Bobby Moseley

Personal information
- Date of birth: 7 March 1996 (age 29)
- Place of birth: Birmingham, England
- Height: 5 ft 10 in (1.78 m)
- Position(s): Left back, Midfielder

Youth career
- 2010–2012: Coventry City
- 2012–2014: Birmingham City

Senior career*
- Years: Team / Apps / (Gls)
- 2015–2016: Stoke City / 0 / (0)
- 2016: → San Antonio FC (loan) / 11 / (0)
- 2016: Solihull Moors / 2 / (0)
- 2016–2017: Southport / 5 / (0)
- 2017: Gloucester City / 5 / (0)

International career
- Republic of Ireland U16 / 4 / (0)
- Republic of Ireland U17 / 8 / (0)
- Republic of Ireland U19 / 13 / (0)

= Bobby Moseley =

Irish footballer (born 1996)

Bobby Moseley (born 7 March 1996) is an Irish footballer who is retired and now owner of football agency Complete Sports Group.

==Career==
Moseley began his career playing in the youth teams at Coventry City and then Birmingham City. In July 2015, Moseley joined Stoke City and played in a pre-season friendly against Porto on 2 August 2015. In March 2016, Moseley joined United Soccer League side San Antonio FC on loan. He was released by Stoke at the end of the 2015–16 season.

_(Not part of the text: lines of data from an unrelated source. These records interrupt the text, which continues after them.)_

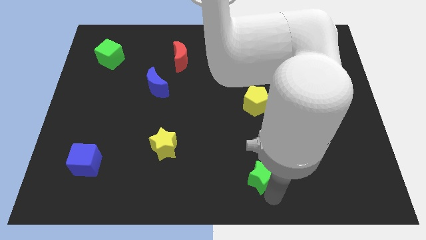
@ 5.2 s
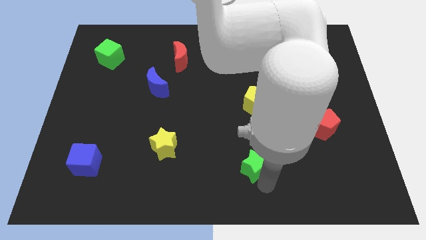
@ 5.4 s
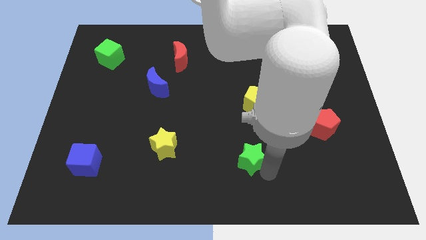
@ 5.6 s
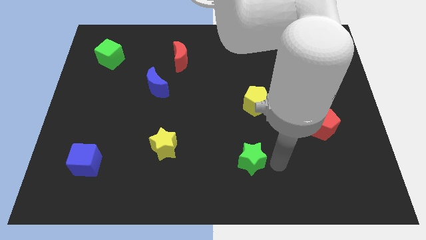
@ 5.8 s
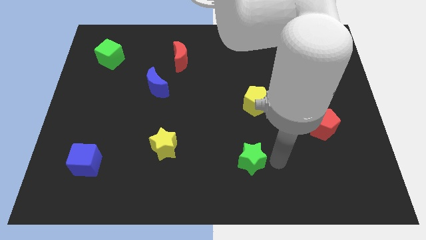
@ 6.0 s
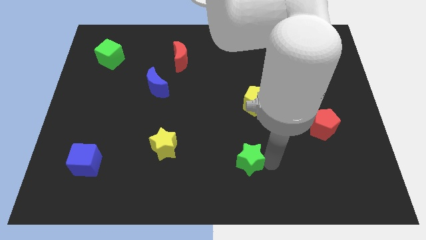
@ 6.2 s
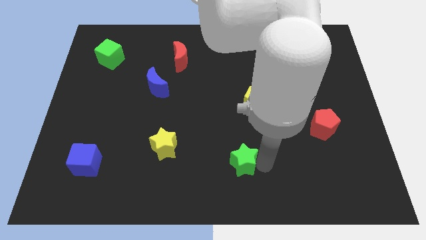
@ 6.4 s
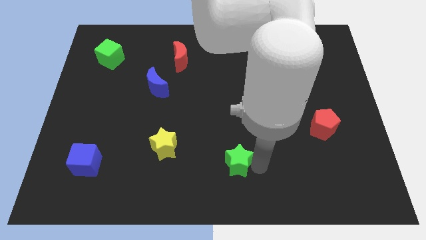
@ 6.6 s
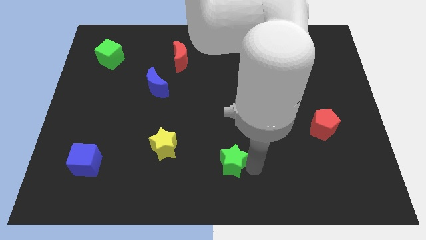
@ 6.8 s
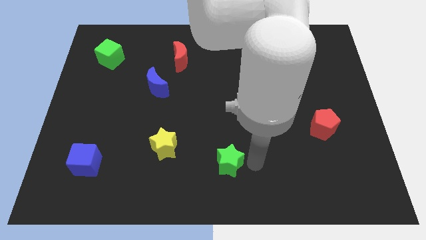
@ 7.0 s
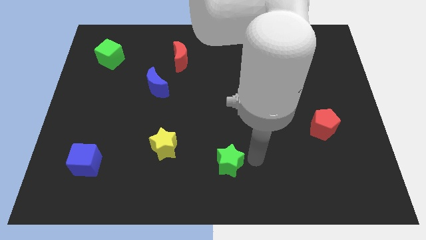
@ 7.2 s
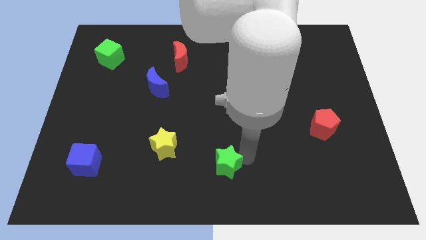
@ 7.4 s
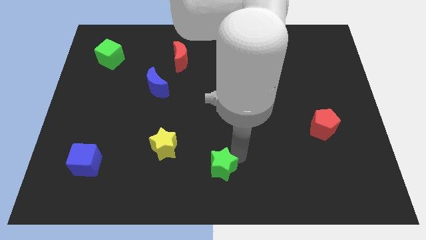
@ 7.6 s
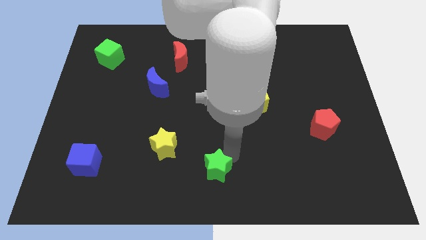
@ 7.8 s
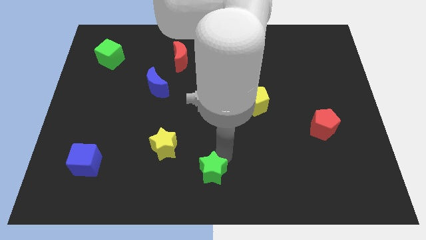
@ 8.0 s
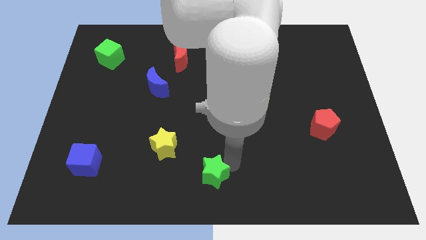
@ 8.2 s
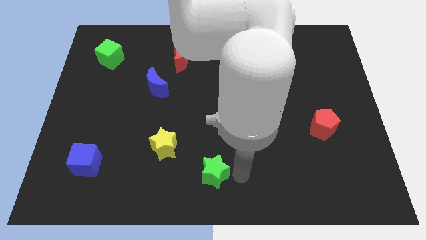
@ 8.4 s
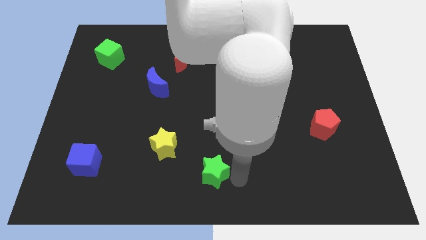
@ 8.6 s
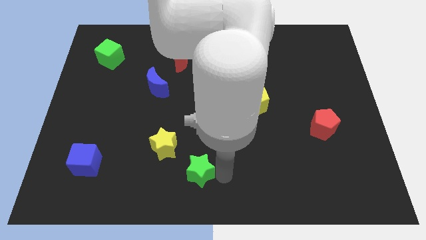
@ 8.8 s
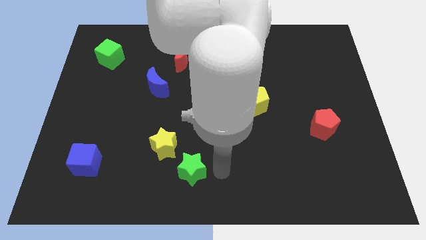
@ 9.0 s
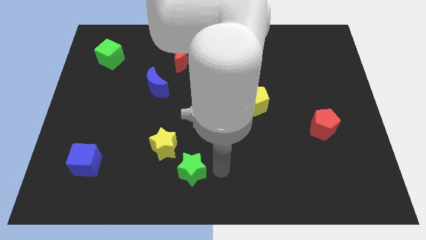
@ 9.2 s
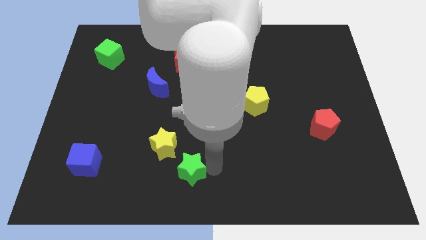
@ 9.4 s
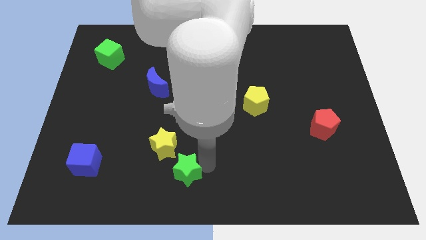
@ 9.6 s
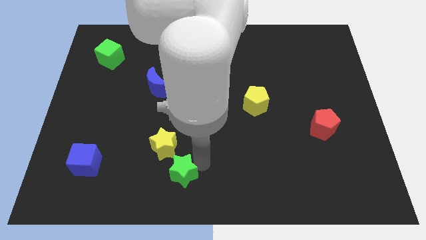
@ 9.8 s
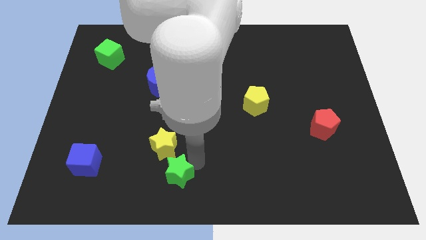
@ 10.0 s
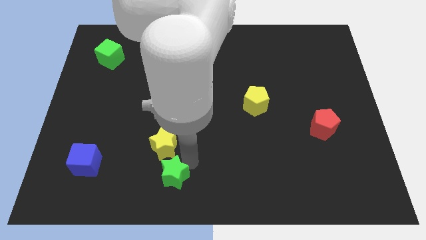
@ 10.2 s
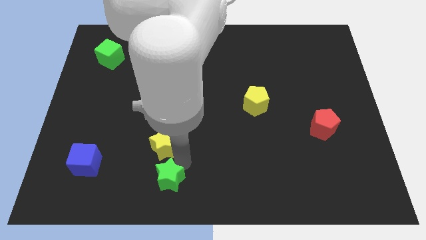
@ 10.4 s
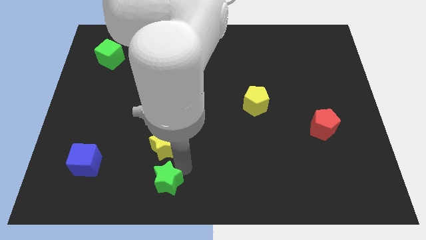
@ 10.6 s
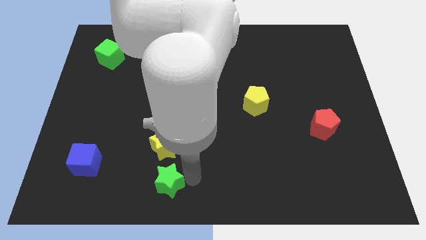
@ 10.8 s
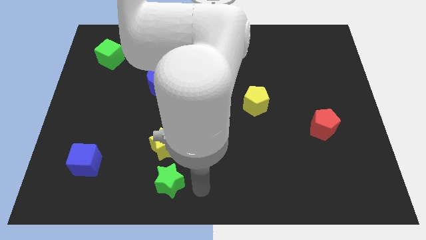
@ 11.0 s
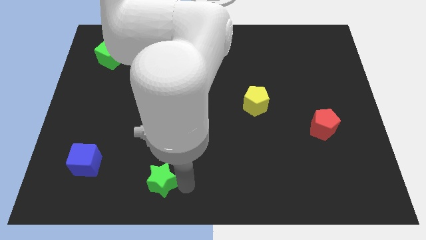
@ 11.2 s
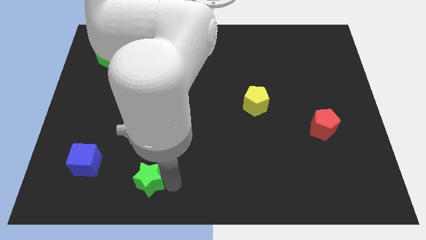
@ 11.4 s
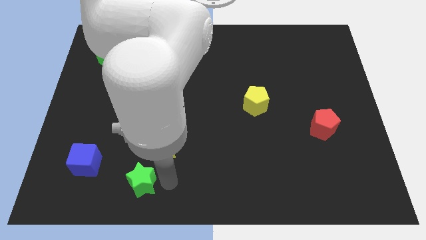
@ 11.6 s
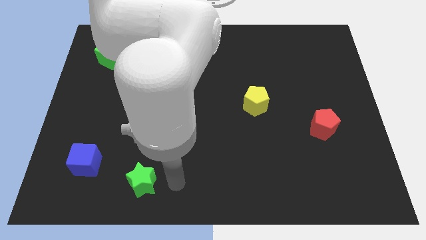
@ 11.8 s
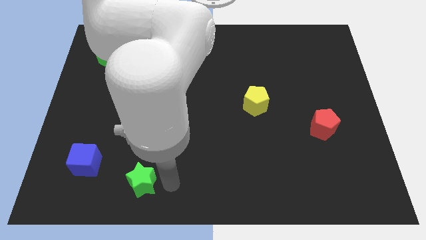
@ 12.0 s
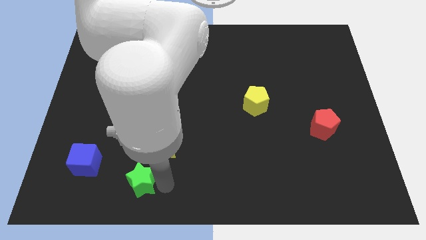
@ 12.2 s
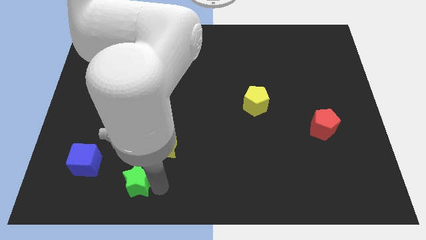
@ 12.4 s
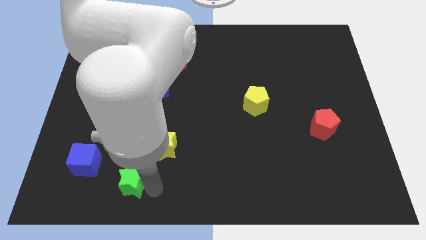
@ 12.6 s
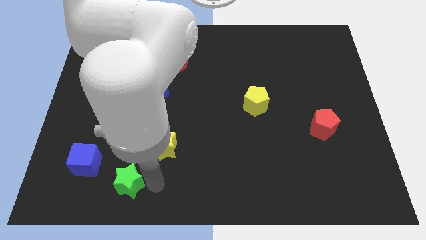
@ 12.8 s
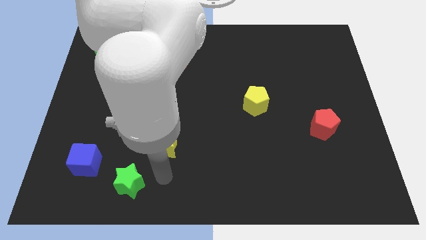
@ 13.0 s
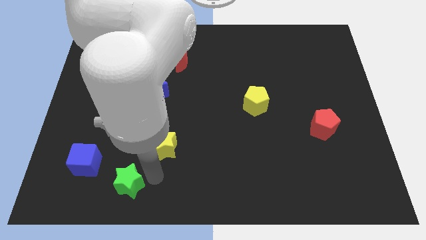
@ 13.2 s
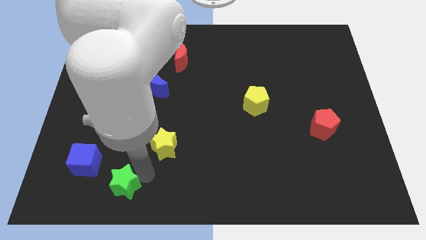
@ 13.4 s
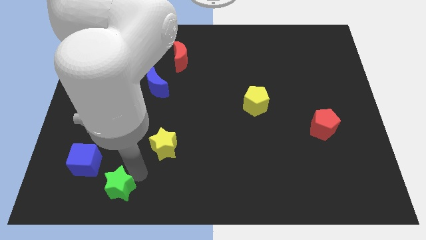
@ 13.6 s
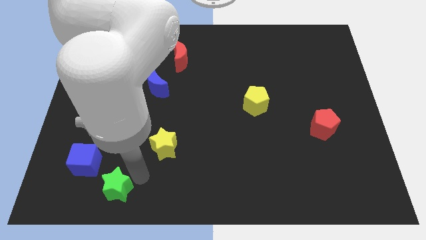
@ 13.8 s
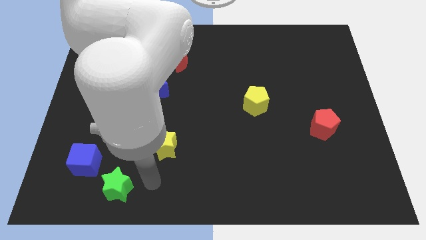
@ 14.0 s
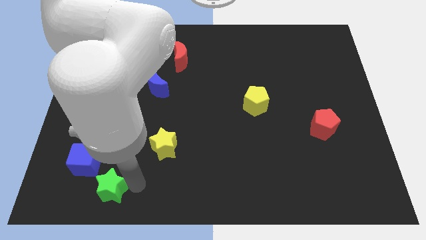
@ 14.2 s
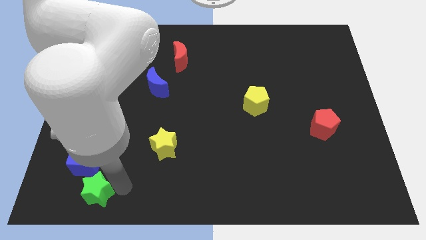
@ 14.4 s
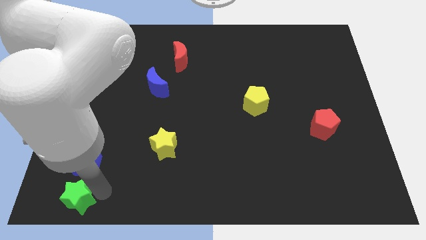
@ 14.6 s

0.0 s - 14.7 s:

In July 2016, Moseley signed for National League side Solihull Moors. His stay at Solihull was brief as he joined Southport on a short-term contract on 12 September 2016. He joined Gloucester City on 4 February 2017.

==International career==
Moseley has featured in 25 matches at Republic Of Ireland youth level. Appearing in both the U17 and U19 UEFA European Championships.